2.Bölüm ❄ Saldırı ve Merhamet

10.9K 801 85
                                    

Alina olanları anlamamıştı ve anlayabileceğini de sanmıyordu. Kurt onlara saldırmamıştı? Neden bunu yapmamıştı ve üstelik onlara saldıran kurdu öldürmüştü?

Alina Myrina, kendini bir bilinmezin içinde hissediyordu ancak bunu düşünmek için iyi bir zaman değildi.  

Hızla Ogufer'in ve Molin'in yanına gitti. Molin hâlâ Alina'ya şaşkınlıkla bakıyordu. Ogufer'in de ondan kalır bir yanı yoktu.

Alina parmağını şaklattı. "Ogufer," dedi endişeli ve nefes nefese. "Molin'in ayağı yaralı. Onu yere bırak."

Ogufer, dediğini yapmadı ve kızın yüzünü dikkatle incelerken kaşlarını çattı. "O da neydi?" Bir hayalet gibi donakalmıştı.

Alina bıkkınlıkla iç geçirdi. "Ogufer!" diye bağırdı yüksek sesle. "Molin'in ayağı yaralı!"
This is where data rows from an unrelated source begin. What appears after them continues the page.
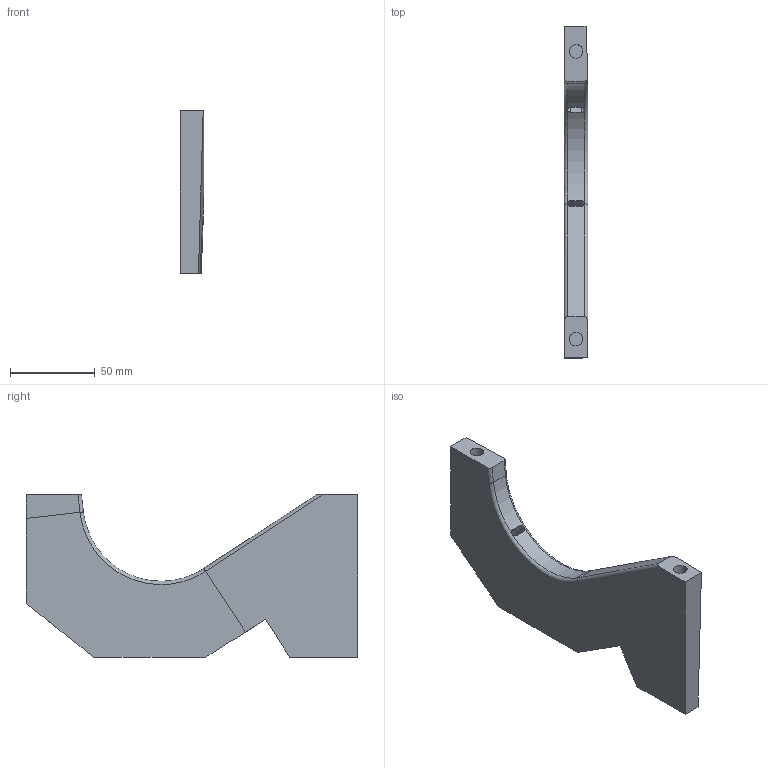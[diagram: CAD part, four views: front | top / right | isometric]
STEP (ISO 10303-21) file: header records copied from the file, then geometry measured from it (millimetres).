
FILE_DESCRIPTION(('CATIA V5 STEP Exchange','CAx-IF Rec.Pracs.--- Model Styling and Organization---1.2---2011-12-15'),'2;1');
FILE_NAME('2121R102_MATRICE.stp','2019-07-15T13:00:41+00:00',('none'),('none'),'Version 5-6 Release 2012','CATIA V5 STEP AP214','none');
FILE_SCHEMA(('AUTOMOTIVE_DESIGN { 1 0 10303 214 1 1 1 1 }'));
Length unit declared in the file: millimetre
Products named in the file (1): 2121R102_MATRICE
Bounding box: 14 x 196 x 96 mm (x, y, z)
Volume: 163287.4 mm3; surface area: 37284.9 mm2
Topology: 1 solids, 1 shells, 40 faces, 105 edges, 67 vertices
Faces by surface type: plane 18, bspline 12, cylinder 10
Entity records: 1677 total; most frequent: CARTESIAN_POINT 838, ORIENTED_EDGE 210, EDGE_CURVE 105, DIRECTION 92, VERTEX_POINT 67, B_SPLINE_CURVE_WITH_KNOTS 59, EDGE_LOOP 44, ADVANCED_FACE 40
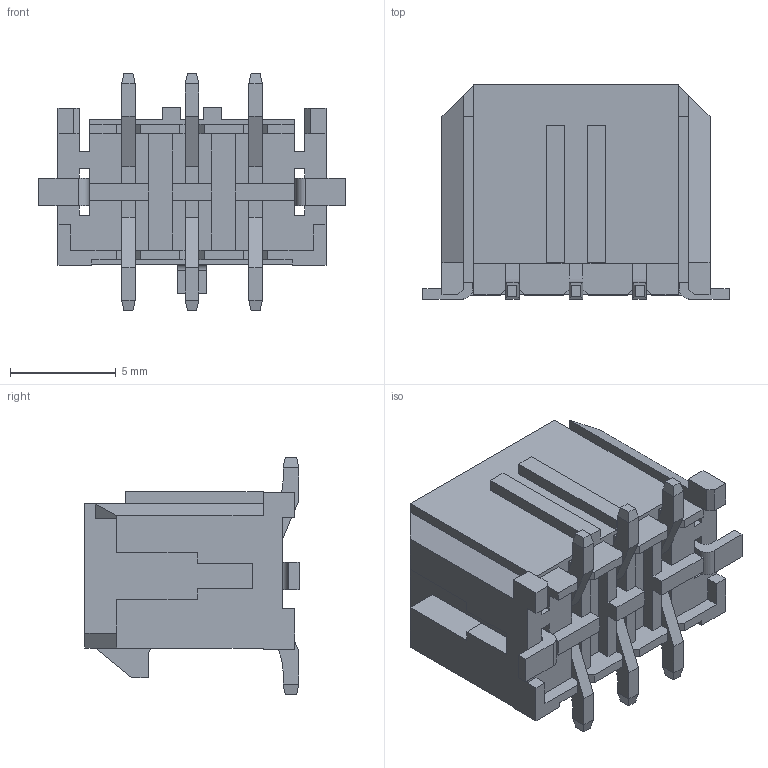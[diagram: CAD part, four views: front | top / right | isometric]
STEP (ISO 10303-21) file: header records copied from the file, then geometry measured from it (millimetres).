
FILE_DESCRIPTION((''),'2;1');
FILE_NAME('FWF30016-D06','2022-05-27T',('工程三'),(''),'PRO/ENGINEER BY PARAMETRIC TECHNOLOGY CORPORATION, 2010280','PRO/ENGINEER BY PARAMETRIC TECHNOLOGY CORPORATION, 2010280','');
FILE_SCHEMA(('CONFIG_CONTROL_DESIGN'));
Length unit declared in the file: millimetre
Products named in the file (1): FWF30016-D06
Bounding box: 14.45 x 10.11 x 11.2 mm (x, y, z)
Volume: 467.4 mm3; surface area: 1345.5 mm2
Topology: 1 solids, 1 shells, 342 faces, 915 edges, 590 vertices
Faces by surface type: plane 331, cylinder 11
Entity records: 10427 total; most frequent: CARTESIAN_POINT 1847, ORIENTED_EDGE 1830, DIRECTION 1621, EDGE_CURVE 915, VECTOR 893, LINE 893, VERTEX_POINT 590, AXIS2_PLACEMENT_3D 364

Ogufer trans haline geçince derin bir nefes aldı ve çömeldikten sonra Molin'in yere oturmasını sağladı. Bir yandan onun arkasına geçti ve ablasının sırtından tutup onun için işi kolaylaştırdı.

Alina dizlerinin üzerine çöktükten sonra Molin'in ayağına doğru emekledi. Onun, parçalanmış kahverengi çizmesini ayağın nazikçe ayırırken, Molin acıyla inledi. Ardından kana bulanmış ve paramparça olmuş çorapları ayağından çıkardı. Molin'in acı çekmesine fena halde üzülüyordu ve onun iyileşmesini istiyordu.

Ogufer, elini Molin'e verdi. Molin, Ogufer'in elini sımsıkı tuttu.

Alina, Molin'in ayağına baktı. Gerçekten berbat görünüyordu. Kurt, kızın ayağını fena halde dişlemişti ve üst kısmı neredeyse ikiye yarılmıştı.

Molin, kardeşinin gözlerindeki korkuyu okumuş olacaktı ki beti benzi attı. "Çok mu kötü?" derken ayağına bakamıyordu.

"Hayır," diye yalan söyledi Alina. "Şimdi orayı saracağım. Saraya gidince direkt hekimlere gideceğiz."

Ogufer, Alina'nın gözlerine umutsuz bir şekilde baktı.

Alina, üzerindeki deri tuniği kesmek için, Ogufer'in yanındaki kılıcı aldı ve küçük bir parça kesti. Ardından elleriyle tuniğini yırttı. Bir parça deri kumaşı, nazikçe kızın ayağına sararken, Molin neredeyse ağlayacaktı. Yüzünü

Ogufer'in dizine gömdü ve solgun dudaklarını birbirine bastırdı.

Alina'nın işi bitince, "Ogufer," dedi hızla. "Onu sırtına almana yardım edeceğim. Molin, ayağını bir yere dokundurmamaya çalış."

Ogufer ve Molin, kafalarını onaylayınca salladığında Alina ayağa kalktı. Molin'i, Ogufer'in sırtına yerleştirdi. Ogufer, ablasının bacaklarından sımsıkı tuttu ve Alina ile beraber hızlı adımlarla ormanın çıkışına doğru yürümeye başladılar.

"Ben size, buraya gelmememizi söylemiştim, değil mi budalalar?" diye azarladı onları Alina, sarı kaşlarını iyice çatarak. "Yaşadıklarımız gerçekten çok eğlenceliydi!"

Molin araya karıştı; elini Ogufer'in başına vurdu. "Biraz yavaş ol, ayağım acıyor, Ogufer!"

"Kraliçe fena halde kızacak," dedi Ogufer iç çekerken. "Hele ki çocuklarından birinin neredeyse ayağını kaybetmek üzere olduğuna..."

Alina, Ogufer'e kaş göz işareti yaparken, Ogufer yere bakıyordu, bu yüzden görmedi.

Molin ağlamaya başladığında, Alina, Ogufer'in koluna bir yumruk çattı. "Ogufer!" Ardından Molin'e doğru döndü. "Sana söz veriyorum, ayağına bir şey olmayacak, abla."